Given any two cities, a and b out of N, we do not know which one is visited first in the shortest path, and we certainly don't know what a's successor will be in the solution. Even verifying a solution to the problem (Is this sequence of cities the shortest path?) cannot be done in polynomial time.

So, yes, the mere fact that there are N! orders to search through is by itself unconvincing about the hardness of the problem.

Lectures on it would be easy if that were the case: Good morning everyone; today we discuss a class of so-called "NP hard" problems, which occur whenever there is a combinatorial explosion in a search space. :)

> Given any two cities, a and b out of N, we do not know which one is visited first in the shortest path, and we certainly don't know what a's successor will be in the solution. Even verifying a solution to the problem (Is this sequence of cities the shortest path?) cannot be done in polynomial time.

Usually, the problem is simplified to a threshold test, like: Does this tour have path length < X? These kind of problems are equivalently difficult to produce solutions for in the general case, but are straightforward to verify.

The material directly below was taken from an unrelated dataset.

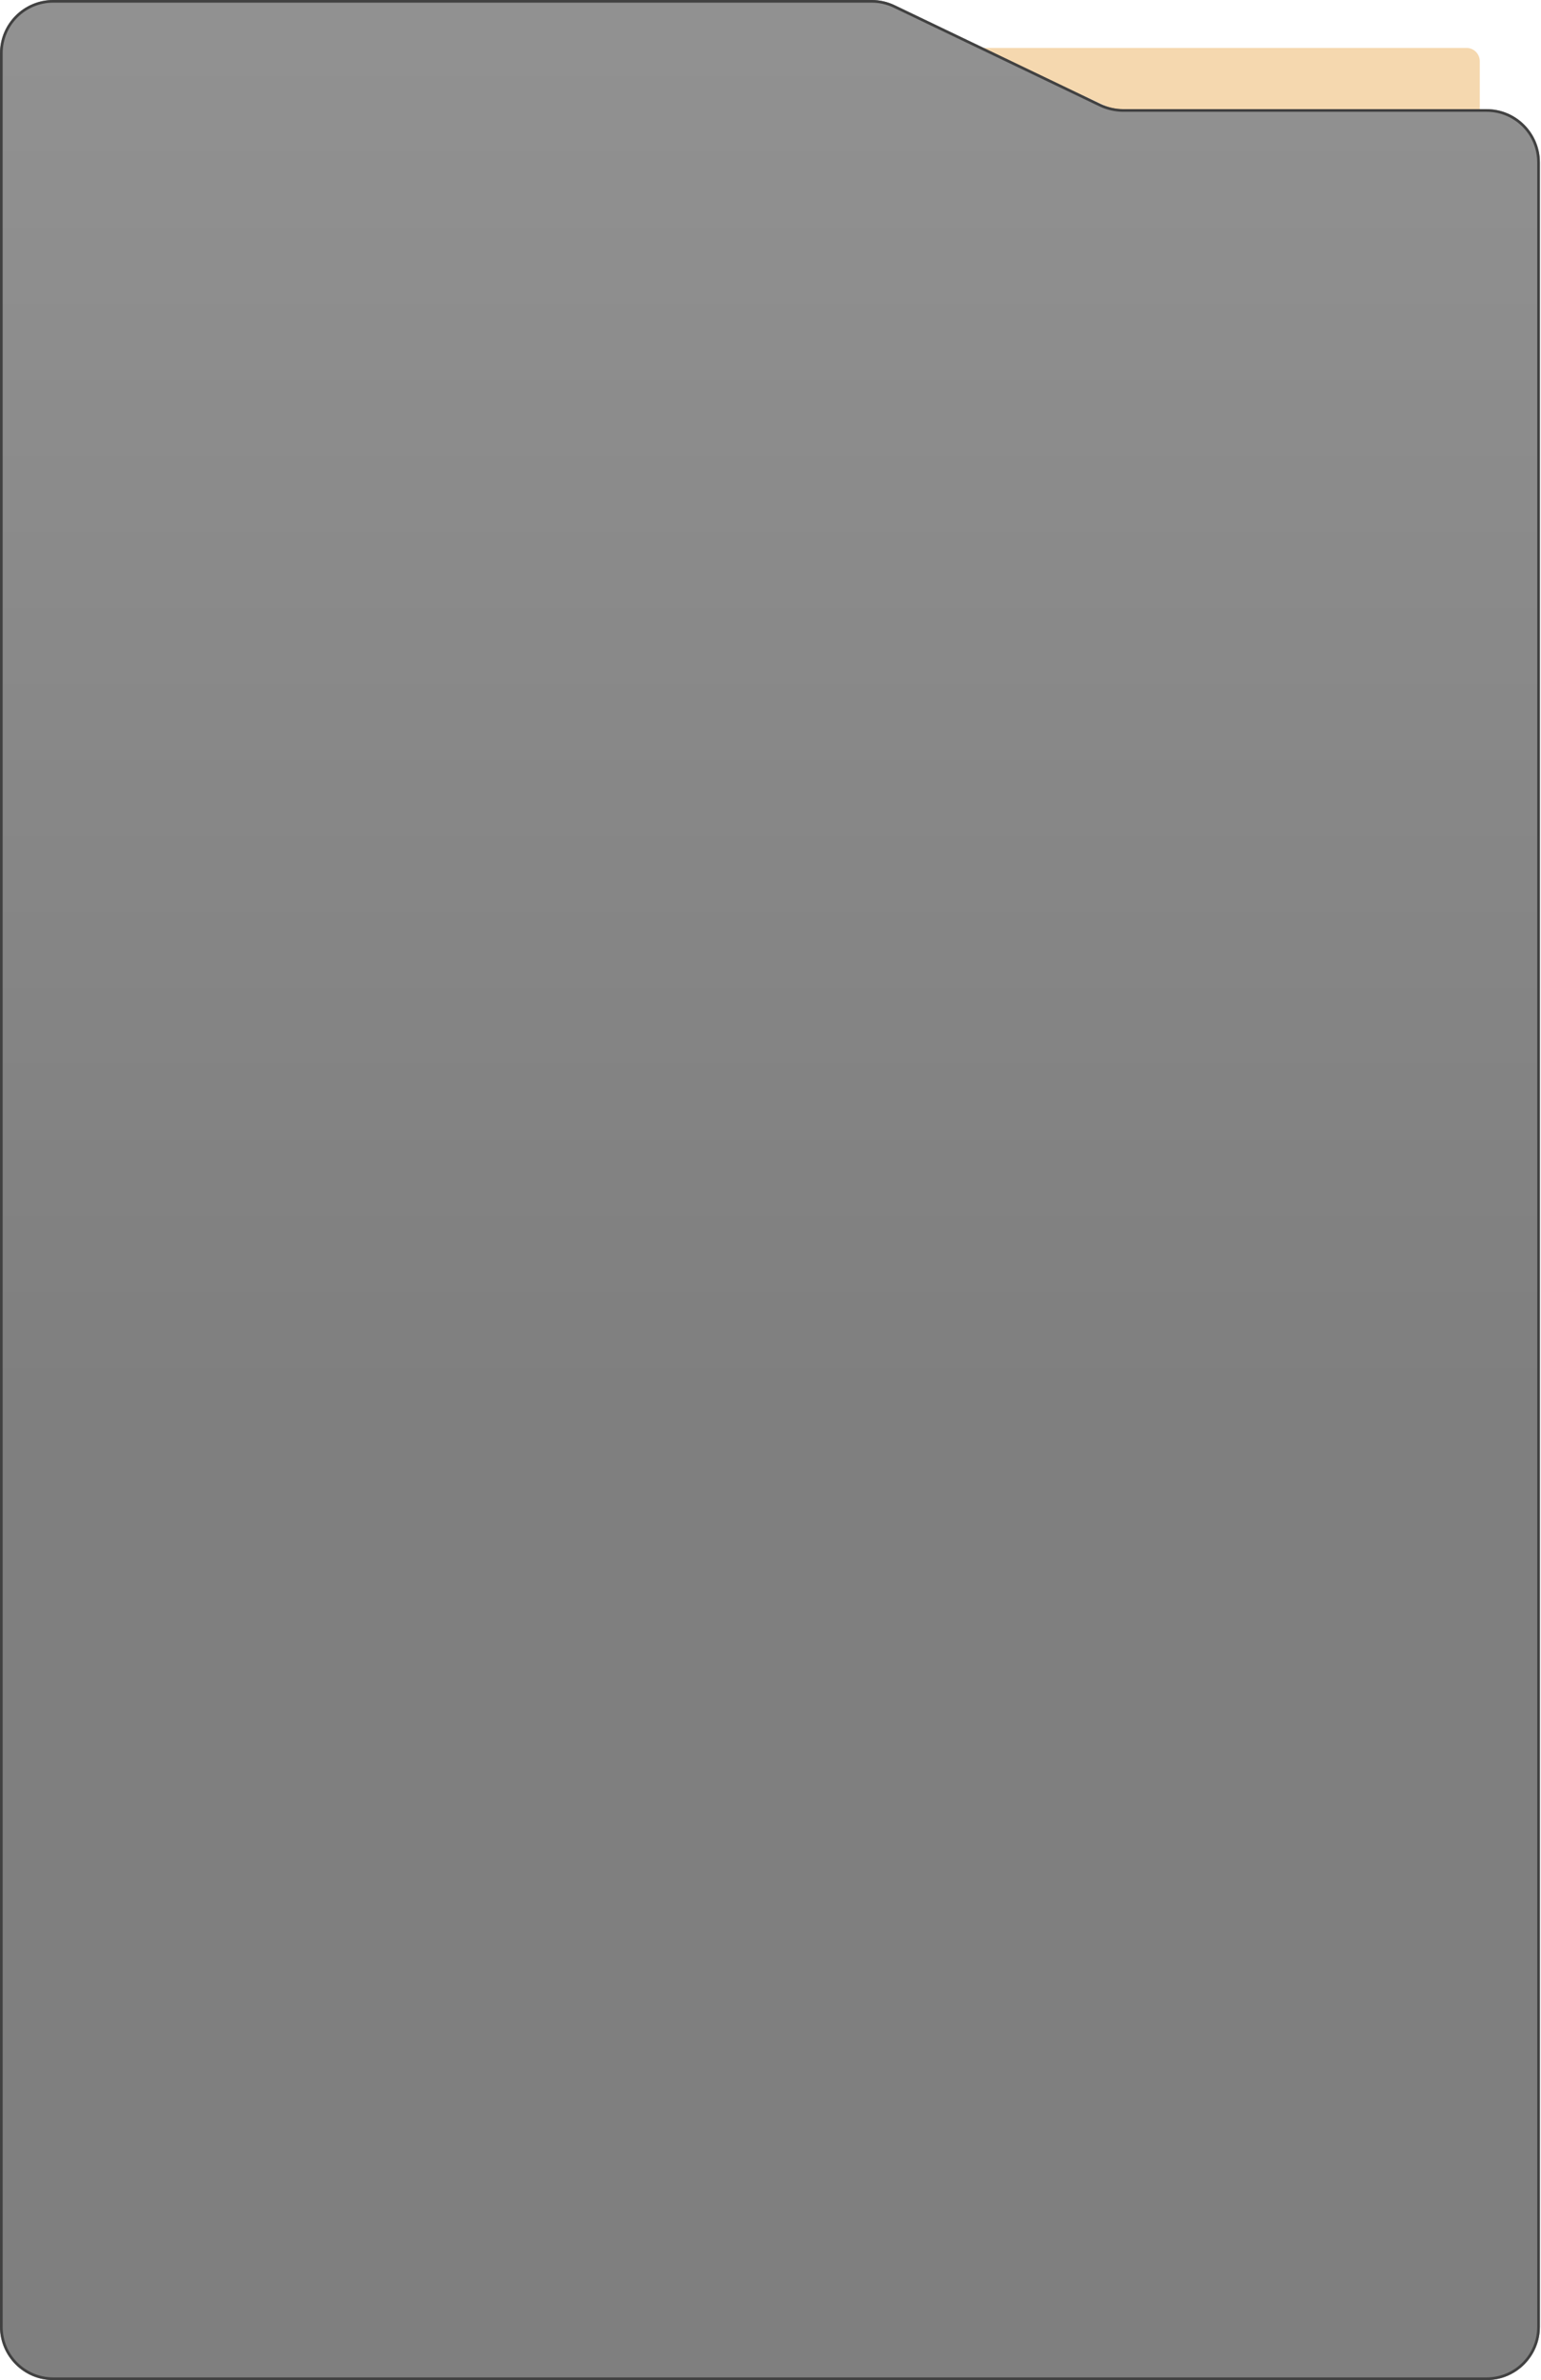<?xml version="1.0" encoding="UTF-8"?> <svg xmlns="http://www.w3.org/2000/svg" width="579" height="894" viewBox="0 0 579 894" fill="none"><path d="M368 18H551C553.761 18 556 20.239 556 23V41.5L418 41L368 18Z" fill="#F5D8AF"></path><g filter="url(#filter0_b_462_404)"><path d="M0 20C0 8.954 8.954 0 20 0H327.529C330.522 0 333.477 0.672 336.177 1.966L413.476 39.034C416.175 40.328 419.13 41 422.124 41H558.577C569.622 41 578.577 49.954 578.577 61V874C578.577 885.046 569.622 894 558.577 894H20C8.954 894 0 885.046 0 874V20Z" fill="url(#paint0_linear_462_404)" fill-opacity="0.5"></path><path d="M0.5 20C0.5 9.23 9.23 0.5 20 0.5H327.529C330.447 0.5 333.329 1.155 335.96 2.417L413.26 39.485C416.026 40.811 419.055 41.5 422.124 41.5H558.577C569.346 41.5 578.077 50.23 578.077 61V874C578.077 884.77 569.346 893.5 558.577 893.5H20C9.23 893.5 0.5 884.77 0.5 874V20Z" stroke="#414141"></path></g><defs><filter id="filter0_b_462_404" x="-50" y="-50" width="678.576" height="994" filterUnits="userSpaceOnUse" color-interpolation-filters="sRGB"><feFlood flood-opacity="0" result="BackgroundImageFix"></feFlood><feGaussianBlur in="BackgroundImageFix" stdDeviation="25"></feGaussianBlur><feComposite in2="SourceAlpha" operator="in" result="effect1_backgroundBlur_462_404"></feComposite><feBlend mode="normal" in="SourceGraphic" in2="effect1_backgroundBlur_462_404" result="shape"></feBlend></filter><linearGradient id="paint0_linear_462_404" x1="-31.95" y1="-1.57291e-06" x2="-31.95" y2="528" gradientUnits="userSpaceOnUse"><stop stop-color="#252525"></stop><stop offset="1"></stop></linearGradient></defs></svg>

That's true; "hard to verify" isn't the good criterion either for a succinct distinction; all kinds of hard problems are easy to verify in poly time, including a modified version of this one.
The most succinct informal description I have for NP-complete problems is lack of optimal substructure; that is, given a solution to part of the problem, it's possible for that to not help at all for solving the whole problem.

For Traveling Salesman, this means that given the best tour for an N-city graph, the best tour for the same graph augmented by a single vertex could be entirely different.

Yes, bingo.

And this is easy to then contrast with, say, sorting, to counter the earlier objection.

We can split the set into two, sort the two parts individually and then trivially merge the results. We cannot split the cities into two, solve the traveling salesman problem, and then easily merge the results.

And adding a new element to a sorted list is just a linear insertion.

> Even verifying a solution to the problem (Is this sequence of cities the shortest path?) cannot be done in polynomial time.

This is a pretty funny claim to see made about one of the most famous NP-complete problems there is. As thelema314 points out, the usual certificate verifies "is this path shorter than a threshold?".

There are variations of the problem. The optimization version is NP-Hard, the decision version is NP-Complete.
On the bright side the halting problem is not causing much trouble, since people and mathematicians willingly write programs.
I've concluded that I can't just use these example problems to explain things to non-programmers without thinking about them and deciding whether they are targeted specifically at computer scientists or at the public.

For instance: the Byzantine generals problem can be understood by the public as well as scientists: it doesn't seem all that contrived, just simplified. However, the dining philosophers problem doesn't usually go down very well: it seems contrived rather than simplified. The response I usually get is something like: give them more chopsticks, DONE.

On that note, I really wish I had some lucid way of explaining that these model problems are whimsical ways of conveying the essence of a difficult abstract problem, rather than actually representing an actual concrete problem.